# Problem:
Search the listing below for the string "label", then copy every line it appears in.

# Records for processing:
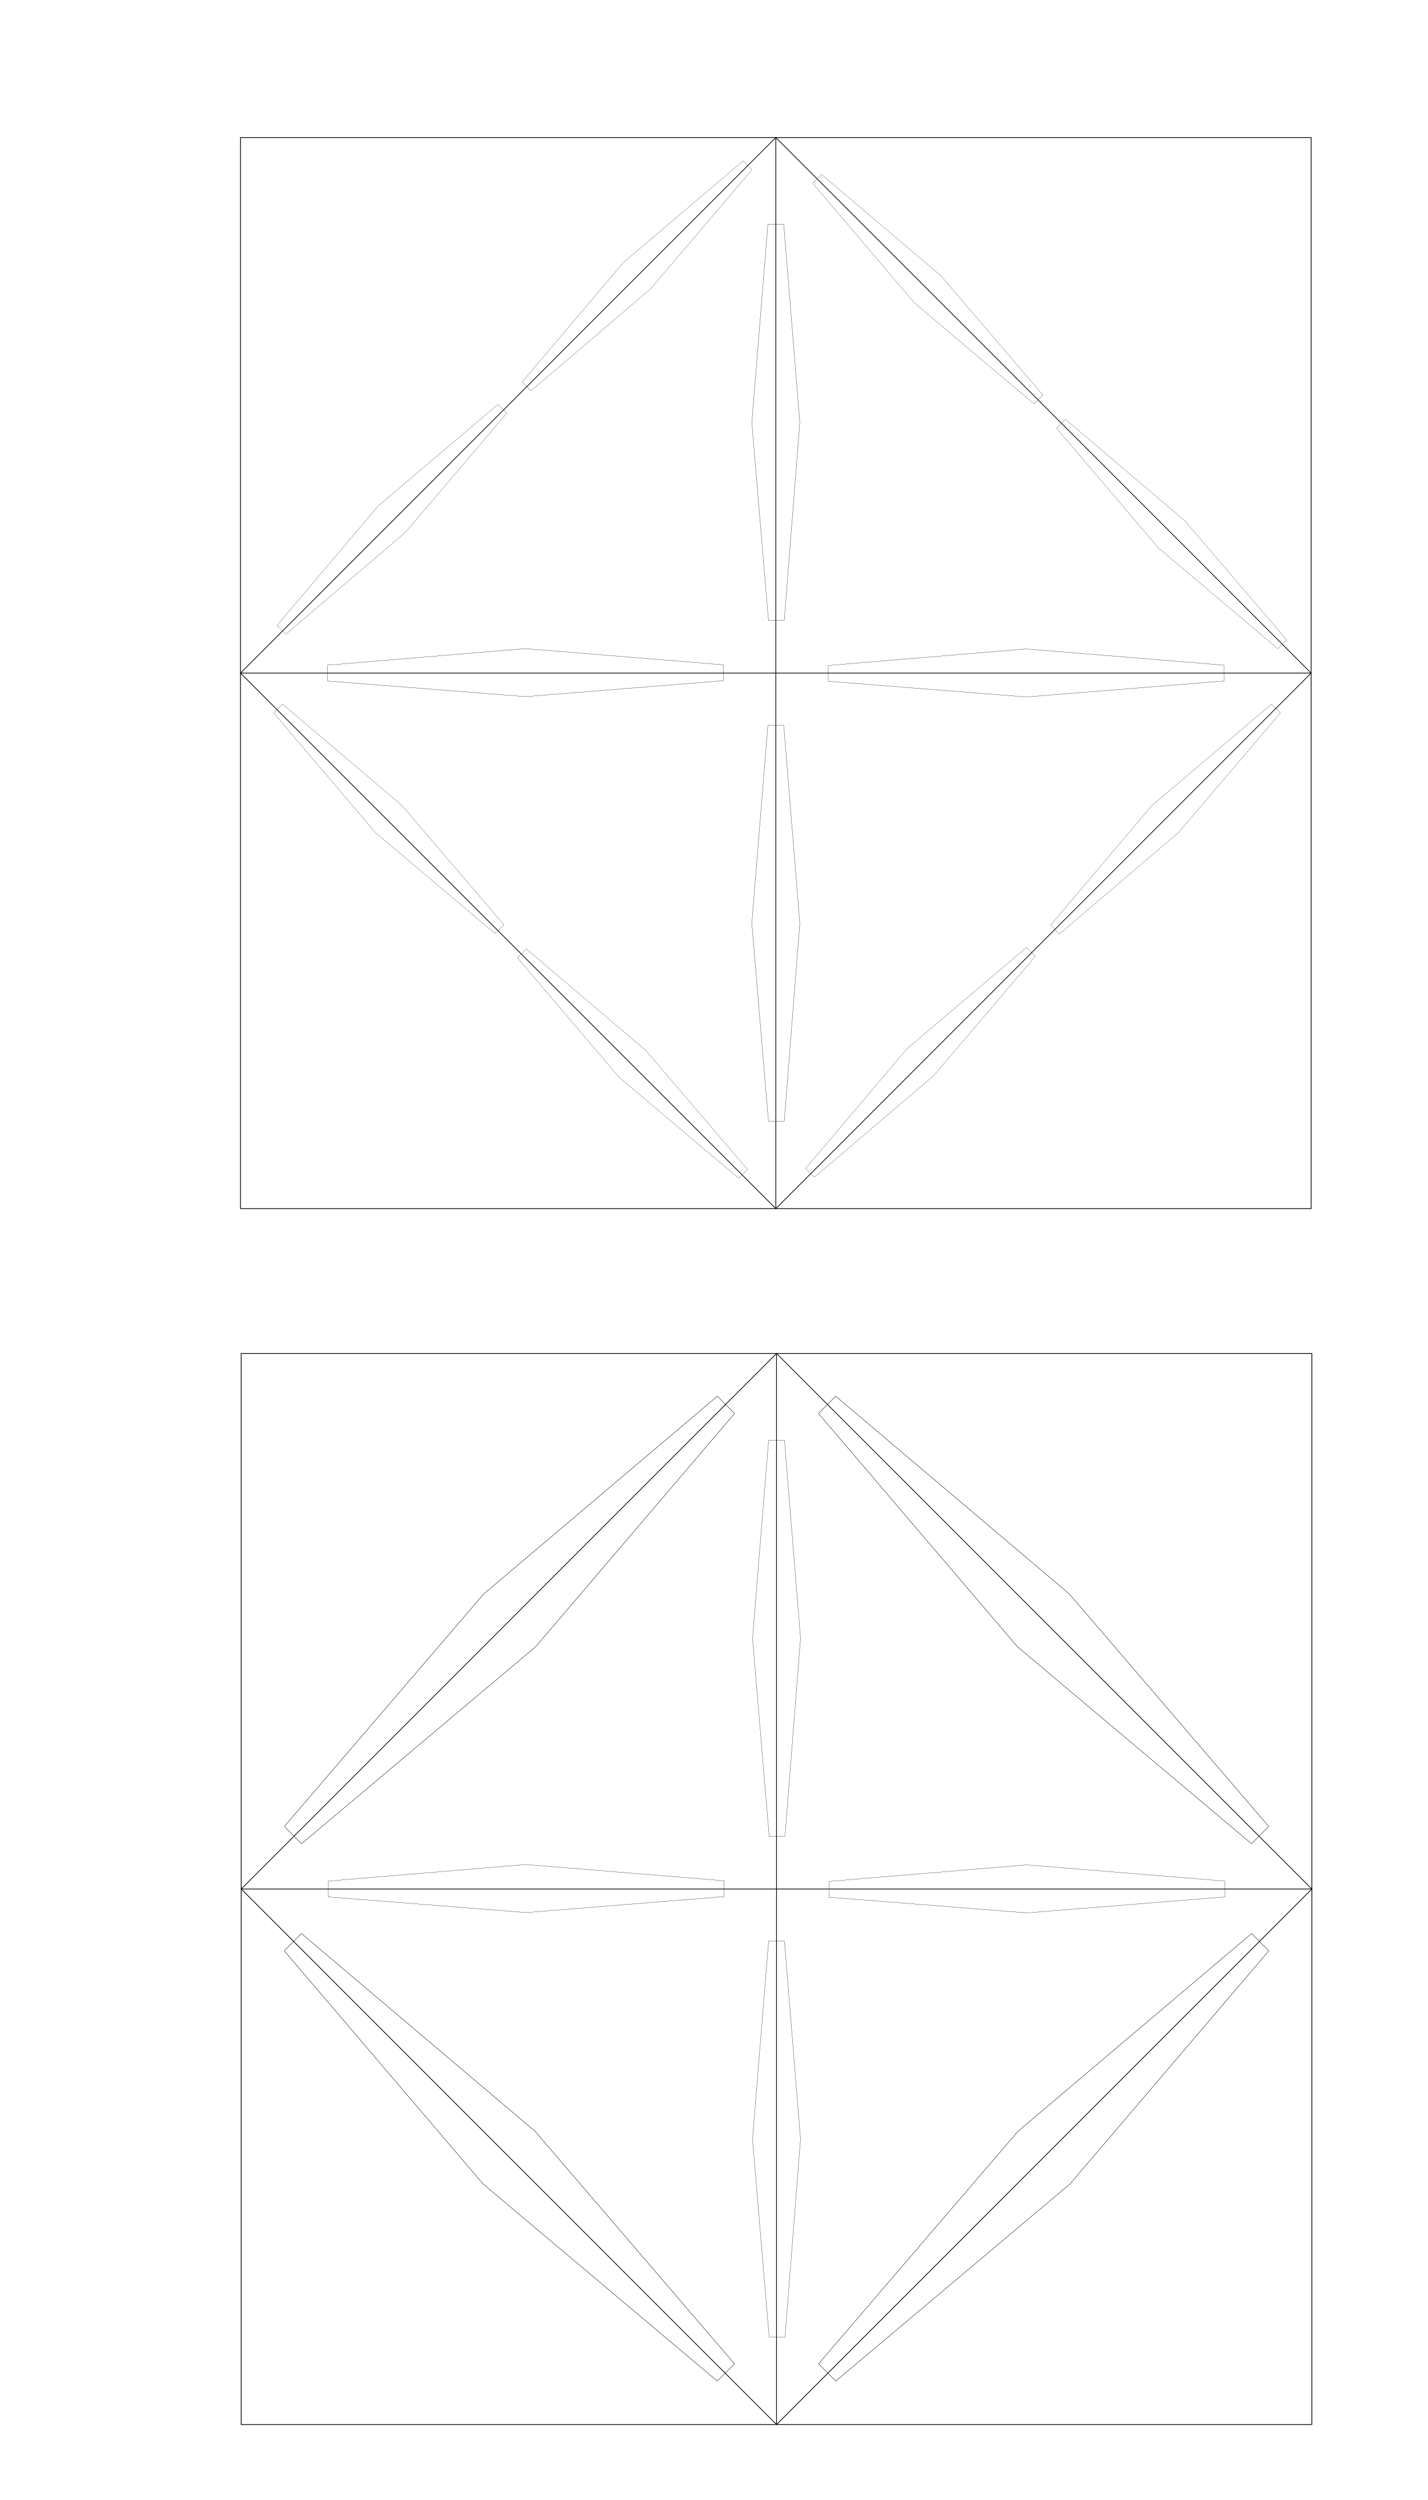 <?xml version="1.0" encoding="UTF-8" standalone="no"?>
<!-- Created with Inkscape (http://www.inkscape.org/) -->

<svg
   width="20cm"
   height="35cm"
   viewBox="0 0 200 350"
   version="1.1"
   id="svg1"
   inkscape:version="1.3.2 (091e20e, 2023-11-25, custom)"
   sodipodi:docname="inflatable_test02.svg"
   inkscape:export-filename="..\..\inkscape\circle_seat1_parts_small.svg"
   inkscape:export-xdpi="96"
   inkscape:export-ydpi="96"
   xml:space="preserve"
   xmlns:inkscape="http://www.inkscape.org/namespaces/inkscape"
   xmlns:sodipodi="http://sodipodi.sourceforge.net/DTD/sodipodi-0.dtd"
   xmlns="http://www.w3.org/2000/svg"
   xmlns:svg="http://www.w3.org/2000/svg"><sodipodi:namedview
     id="namedview1"
     pagecolor="#ffffff"
     bordercolor="#000000"
     borderopacity="0.25"
     inkscape:showpageshadow="2"
     inkscape:pageopacity="0.0"
     inkscape:pagecheckerboard="0"
     inkscape:deskcolor="#d1d1d1"
     inkscape:document-units="mm"
     showgrid="true"
     inkscape:zoom="1.5332452"
     inkscape:cx="538.72661"
     inkscape:cy="349.2592"
     inkscape:window-width="2560"
     inkscape:window-height="1494"
     inkscape:window-x="615"
     inkscape:window-y="2149"
     inkscape:window-maximized="1"
     inkscape:current-layer="layer2"><inkscape:grid
       id="grid1"
       units="mm"
       originx="-16.216"
       originy="-60.567"
       spacingx="10"
       spacingy="10"
       empcolor="#0099e5"
       empopacity="0.302"
       color="#0099e5"
       opacity="0.149"
       empspacing="5"
       dotted="false"
       gridanglex="30"
       gridanglez="30"
       visible="true" /></sodipodi:namedview><defs
     id="defs1"><linearGradient
       id="swatch66"
       inkscape:swatch="solid"><stop
         style="stop-color:#0000ff;stop-opacity:1;"
         offset="0"
         id="stop66" /></linearGradient><linearGradient
       id="swatch65"
       inkscape:swatch="solid"><stop
         style="stop-color:#0000ff;stop-opacity:1;"
         offset="0"
         id="stop65" /></linearGradient><linearGradient
       id="swatch64"
       inkscape:swatch="solid"><stop
         style="stop-color:#0000ff;stop-opacity:1;"
         offset="0"
         id="stop64" /></linearGradient><linearGradient
       id="swatch63"
       inkscape:swatch="solid"><stop
         style="stop-color:#0000ff;stop-opacity:1;"
         offset="0"
         id="stop63" /></linearGradient><linearGradient
       id="swatch62"
       inkscape:swatch="solid"><stop
         style="stop-color:#0000ff;stop-opacity:1;"
         offset="0"
         id="stop62" /></linearGradient><linearGradient
       id="swatch61"
       inkscape:swatch="solid"><stop
         style="stop-color:#0000ff;stop-opacity:1;"
         offset="0"
         id="stop61" /></linearGradient><linearGradient
       id="swatch60"
       inkscape:swatch="solid"><stop
         style="stop-color:#0000ff;stop-opacity:1;"
         offset="0"
         id="stop60" /></linearGradient><linearGradient
       id="swatch59"
       inkscape:swatch="solid"><stop
         style="stop-color:#fd0000;stop-opacity:1;"
         offset="0"
         id="stop59" /></linearGradient><linearGradient
       id="swatch58"
       inkscape:swatch="solid"><stop
         style="stop-color:#fd0000;stop-opacity:1;"
         offset="0"
         id="stop58" /></linearGradient><linearGradient
       id="swatch57"
       inkscape:swatch="solid"><stop
         style="stop-color:#fd0000;stop-opacity:1;"
         offset="0"
         id="stop57" /></linearGradient><linearGradient
       id="swatch56"
       inkscape:swatch="solid"><stop
         style="stop-color:#fd0000;stop-opacity:1;"
         offset="0"
         id="stop56" /></linearGradient><linearGradient
       id="swatch55"
       inkscape:swatch="solid"><stop
         style="stop-color:#fd0000;stop-opacity:1;"
         offset="0"
         id="stop55" /></linearGradient><linearGradient
       id="swatch54"
       inkscape:swatch="solid"><stop
         style="stop-color:#fd0000;stop-opacity:1;"
         offset="0"
         id="stop54" /></linearGradient><linearGradient
       id="swatch53"
       inkscape:swatch="solid"><stop
         style="stop-color:#fd0000;stop-opacity:1;"
         offset="0"
         id="stop53" /></linearGradient><linearGradient
       id="swatch52"
       inkscape:swatch="solid"><stop
         style="stop-color:#fd0000;stop-opacity:1;"
         offset="0"
         id="stop52" /></linearGradient><linearGradient
       id="swatch51"
       inkscape:swatch="solid"><stop
         style="stop-color:#fd0000;stop-opacity:1;"
         offset="0"
         id="stop51" /></linearGradient><linearGradient
       id="swatch50"
       inkscape:swatch="solid"><stop
         style="stop-color:#fd0000;stop-opacity:1;"
         offset="0"
         id="stop50" /></linearGradient><linearGradient
       id="swatch49"
       inkscape:swatch="solid"><stop
         style="stop-color:#fd0000;stop-opacity:1;"
         offset="0"
         id="stop49" /></linearGradient><linearGradient
       id="swatch48"
       inkscape:swatch="solid"><stop
         style="stop-color:#fd0000;stop-opacity:1;"
         offset="0"
         id="stop48" /></linearGradient><linearGradient
       id="swatch47"
       inkscape:swatch="solid"><stop
         style="stop-color:#fd0000;stop-opacity:1;"
         offset="0"
         id="stop47" /></linearGradient><linearGradient
       id="swatch46"
       inkscape:swatch="solid"><stop
         style="stop-color:#fd0000;stop-opacity:1;"
         offset="0"
         id="stop46" /></linearGradient><linearGradient
       id="swatch45"
       inkscape:swatch="solid"><stop
         style="stop-color:#fd0000;stop-opacity:1;"
         offset="0"
         id="stop45" /></linearGradient><linearGradient
       id="swatch44"
       inkscape:swatch="solid"><stop
         style="stop-color:#fd0000;stop-opacity:1;"
         offset="0"
         id="stop44" /></linearGradient><linearGradient
       id="swatch43"
       inkscape:swatch="solid"><stop
         style="stop-color:#fd0000;stop-opacity:1;"
         offset="0"
         id="stop43" /></linearGradient><linearGradient
       id="swatch42"
       inkscape:swatch="solid"><stop
         style="stop-color:#fd0000;stop-opacity:1;"
         offset="0"
         id="stop42" /></linearGradient><linearGradient
       id="swatch41"
       inkscape:swatch="solid"><stop
         style="stop-color:#fd0000;stop-opacity:1;"
         offset="0"
         id="stop41" /></linearGradient><linearGradient
       id="swatch40"
       inkscape:swatch="solid"><stop
         style="stop-color:#fd0000;stop-opacity:1;"
         offset="0"
         id="stop40" /></linearGradient><linearGradient
       id="swatch39"
       inkscape:swatch="solid"><stop
         style="stop-color:#fd0000;stop-opacity:1;"
         offset="0"
         id="stop39" /></linearGradient><linearGradient
       id="swatch38"
       inkscape:swatch="solid"><stop
         style="stop-color:#ff0000;stop-opacity:0;"
         offset="0"
         id="stop38" /></linearGradient><linearGradient
       id="swatch37"
       inkscape:swatch="solid"><stop
         style="stop-color:#ff0000;stop-opacity:0;"
         offset="0"
         id="stop37" /></linearGradient><linearGradient
       id="swatch36"
       inkscape:swatch="solid"><stop
         style="stop-color:#ff0000;stop-opacity:0;"
         offset="0"
         id="stop36" /></linearGradient><linearGradient
       id="swatch35"
       inkscape:swatch="solid"><stop
         style="stop-color:#ff0000;stop-opacity:0;"
         offset="0"
         id="stop35" /></linearGradient><linearGradient
       id="swatch34"
       inkscape:swatch="solid"><stop
         style="stop-color:#ff0000;stop-opacity:0;"
         offset="0"
         id="stop34" /></linearGradient><linearGradient
       id="swatch33"
       inkscape:swatch="solid"><stop
         style="stop-color:#ff0000;stop-opacity:0;"
         offset="0"
         id="stop33" /></linearGradient><linearGradient
       id="swatch32"
       inkscape:swatch="solid"><stop
         style="stop-color:#ff0000;stop-opacity:0;"
         offset="0"
         id="stop32" /></linearGradient></defs><g
     inkscape:label="base"
     inkscape:groupmode="layer"
     id="layer1"
     sodipodi:insensitive="true"
     style="display:none"
     transform="translate(-16.216,-60.567)"><path
       sodipodi:type="star"
       style="fill:none;stroke:#22d4d1;stroke-width:0.5;stroke-dasharray:none;stroke-opacity:1"
       id="path283"
       inkscape:flatsided="true"
       sodipodi:sides="6"
       sodipodi:cx="199.62694"
       sodipodi:cy="80.847336"
       sodipodi:r1="52.151642"
       sodipodi:r2="45.164646"
       sodipodi:arg1="1.0471976"
       sodipodi:arg2="1.5707963"
       inkscape:rounded="0"
       inkscape:randomized="0"
       d="m 225.703,126.012 -52.152,0 -26.076,-45.165 26.076,-45.165 52.152,2e-6 26.076,45.165 z"
       inkscape:transform-center-x="2.5149852e-06"
       inkscape:transform-center-y="-1.0185491e-06"
       transform="translate(13.422,33.19)" /><path
       sodipodi:type="star"
       style="fill:none;stroke:#22d4d1;stroke-width:0.5;stroke-dasharray:none;stroke-opacity:1"
       id="path284"
       inkscape:flatsided="true"
       sodipodi:sides="6"
       sodipodi:cx="199.62692"
       sodipodi:cy="80.847336"
       sodipodi:r1="25.554726"
       sodipodi:r2="22.131041"
       sodipodi:arg1="1.0471976"
       sodipodi:arg2="1.5707963"
       inkscape:rounded="0"
       inkscape:randomized="0"
       d="m 212.404,102.978 -25.555,0 -12.777,-22.131 12.777,-22.131 25.555,1e-6 12.777,22.131 z"
       inkscape:transform-center-x="2.514985e-06"
       inkscape:transform-center-y="-1.0185491e-06"
       transform="translate(13.422,33.19)" /><path
       style="fill:none;stroke:#22d4d1;stroke-width:0.5;stroke-dasharray:none;stroke-opacity:1"
       d="M 186.973,159.202 C 239.125,68.873 239.125,68.873 239.125,68.873"
       id="path285" /><path
       style="fill:none;stroke:#22d4d1;stroke-width:0.5;stroke-dasharray:none;stroke-opacity:1"
       d="m 160.898,114.037 c 104.303,1e-5 104.303,1e-5 104.303,1e-5"
       id="path286" /><path
       style="fill:none;stroke:#22d4d1;stroke-width:0.5;stroke-dasharray:none;stroke-opacity:1"
       d="M 186.973,68.872 239.125,159.202"
       id="path287" /></g><g
     inkscape:groupmode="layer"
     id="layer2"
     inkscape:label="cut lines"
     transform="translate(-16.216,-60.567)"><rect
       style="fill:none;stroke:#000000;stroke-width:0.104"
       id="rect18"
       width="149.95"
       height="149.95"
       x="49.998"
       y="250.052" /><path
       style="fill:none;stroke:#000000;stroke-width:0.049"
       d="m 56.043,316.269 27.914,-32.539 32.73,-27.695 2.408,2.422 -27.839,32.633 -32.806,27.6 z"
       id="path25" /><path
       style="fill:none;stroke:#000000;stroke-width:0.1"
       d="M 49.998,325.027 H 199.948 l -74.975,-74.975 -74.975,74.975 74.975,74.975 74.975,-74.975"
       id="path26" /><path
       style="fill:none;stroke:#000000;stroke-width:0.1"
       d="M 124.973,250.052 V 400"
       id="path27" /><path
       style="fill:none;stroke:#000000;stroke-width:0.049"
       d="m 130.867,391.495 27.914,-32.539 32.73,-27.695 2.408,2.422 -27.839,32.633 -32.806,27.6 z"
       id="path28" /><path
       style="fill:none;stroke:#000000;stroke-width:0.049"
       d="m 193.904,316.269 -27.914,-32.539 -32.73,-27.695 -2.408,2.422 27.839,32.633 32.806,27.6 z"
       id="path29" /><path
       style="fill:none;stroke:#000000;stroke-width:0.049"
       d="M 119.079,391.495 91.165,358.956 58.435,331.261 l -2.408,2.422 27.839,32.633 32.806,27.6 z"
       id="path30" /><g
       id="g32"><path
         style="fill:none;stroke:#000000;stroke-width:0.032"
         d="m 126.158,387.767 2.177,-27.725 -2.254,-27.719 -2.215,0.003 -2.255,27.733 2.332,27.71 z"
         id="path31" /><path
         style="fill:none;stroke:#000000;stroke-width:0.032"
         d="m 126.159,317.646 2.177,-27.725 -2.254,-27.719 -2.215,0.003 -2.255,27.733 2.332,27.71 z"
         id="path32" /></g><g
       id="g34"
       transform="rotate(90.037,124.973,324.986)"><path
         style="fill:none;stroke:#000000;stroke-width:0.032"
         d="m 126.158,387.767 2.177,-27.725 -2.254,-27.719 -2.215,0.003 -2.255,27.733 2.332,27.71 z"
         id="path33" /><path
         style="fill:none;stroke:#000000;stroke-width:0.032"
         d="m 126.159,317.646 2.177,-27.725 -2.254,-27.719 -2.215,0.003 -2.255,27.733 2.332,27.71 z"
         id="path34" /></g><rect
       style="fill:none;stroke:#000000;stroke-width:0.104"
       id="rect34"
       width="149.95"
       height="149.95"
       x="49.898"
       y="79.823" /><path
       style="fill:none;stroke:#000000;stroke-width:0.1"
       d="M 49.898,154.798 H 199.848 L 124.873,79.823 49.898,154.798 124.873,229.773 199.848,154.798"
       id="path36" /><path
       style="fill:none;stroke:#000000;stroke-width:0.1"
       d="M 124.873,79.823 V 229.771"
       id="path37" /><g
       id="g42"
       transform="translate(-0.1,-170.229)"><path
         style="fill:none;stroke:#000000;stroke-width:0.032"
         d="m 126.158,387.767 2.177,-27.725 -2.254,-27.719 -2.215,0.003 -2.255,27.733 2.332,27.71 z"
         id="path41" /><path
         style="fill:none;stroke:#000000;stroke-width:0.032"
         d="m 126.159,317.646 2.177,-27.725 -2.254,-27.719 -2.215,0.003 -2.255,27.733 2.332,27.71 z"
         id="path42" /></g><g
       id="g44"
       transform="rotate(90.037,209.983,239.822)"><path
         style="fill:none;stroke:#000000;stroke-width:0.032"
         d="m 126.158,387.767 2.177,-27.725 -2.254,-27.719 -2.215,0.003 -2.255,27.733 2.332,27.71 z"
         id="path43" /><path
         style="fill:none;stroke:#000000;stroke-width:0.032"
         d="m 126.159,317.646 2.177,-27.725 -2.254,-27.719 -2.215,0.003 -2.255,27.733 2.332,27.71 z"
         id="path44" /></g><g
       id="g45"
       transform="translate(-0.025,4.659)"><path
         style="fill:none;stroke:#000000;stroke-width:0.025"
         d="m 162.301,111.216 -14.267,-16.683 -16.728,-14.2 -1.231,1.242 14.228,16.732 16.766,14.151 z"
         id="path39" /><path
         style="fill:none;stroke:#000000;stroke-width:0.025"
         d="m 196.435,145.483 -14.267,-16.683 -16.728,-14.2 -1.231,1.242 14.228,16.732 16.766,14.151 z"
         id="path45" /></g><g
       id="g47"
       transform="translate(-75.52,78.809)"><path
         style="fill:none;stroke:#000000;stroke-width:0.025"
         d="m 162.301,111.216 -14.267,-16.683 -16.728,-14.2 -1.231,1.242 14.228,16.732 16.766,14.151 z"
         id="path46" /><path
         style="fill:none;stroke:#000000;stroke-width:0.025"
         d="m 196.435,145.483 -14.267,-16.683 -16.728,-14.2 -1.231,1.242 14.228,16.732 16.766,14.151 z"
         id="path47" /></g><g
       id="g49"
       transform="rotate(90.101,123.476,152.417)"><path
         style="fill:none;stroke:#000000;stroke-width:0.025"
         d="m 162.301,111.216 -14.267,-16.683 -16.728,-14.2 -1.231,1.242 14.228,16.732 16.766,14.151 z"
         id="path48" /><path
         style="fill:none;stroke:#000000;stroke-width:0.025"
         d="m 196.435,145.483 -14.267,-16.683 -16.728,-14.2 -1.231,1.242 14.228,16.732 16.766,14.151 z"
         id="path49" /></g><g
       id="g51"
       transform="rotate(90.101,124.422,77.456)"><path
         style="fill:none;stroke:#000000;stroke-width:0.025"
         d="m 162.301,111.216 -14.267,-16.683 -16.728,-14.2 -1.231,1.242 14.228,16.732 16.766,14.151 z"
         id="path50" /><path
         style="fill:none;stroke:#000000;stroke-width:0.025"
         d="m 196.435,145.483 -14.267,-16.683 -16.728,-14.2 -1.231,1.242 14.228,16.732 16.766,14.151 z"
         id="path51" /></g></g></svg>

# Response:
     inkscape:label="base"
     inkscape:label="cut lines"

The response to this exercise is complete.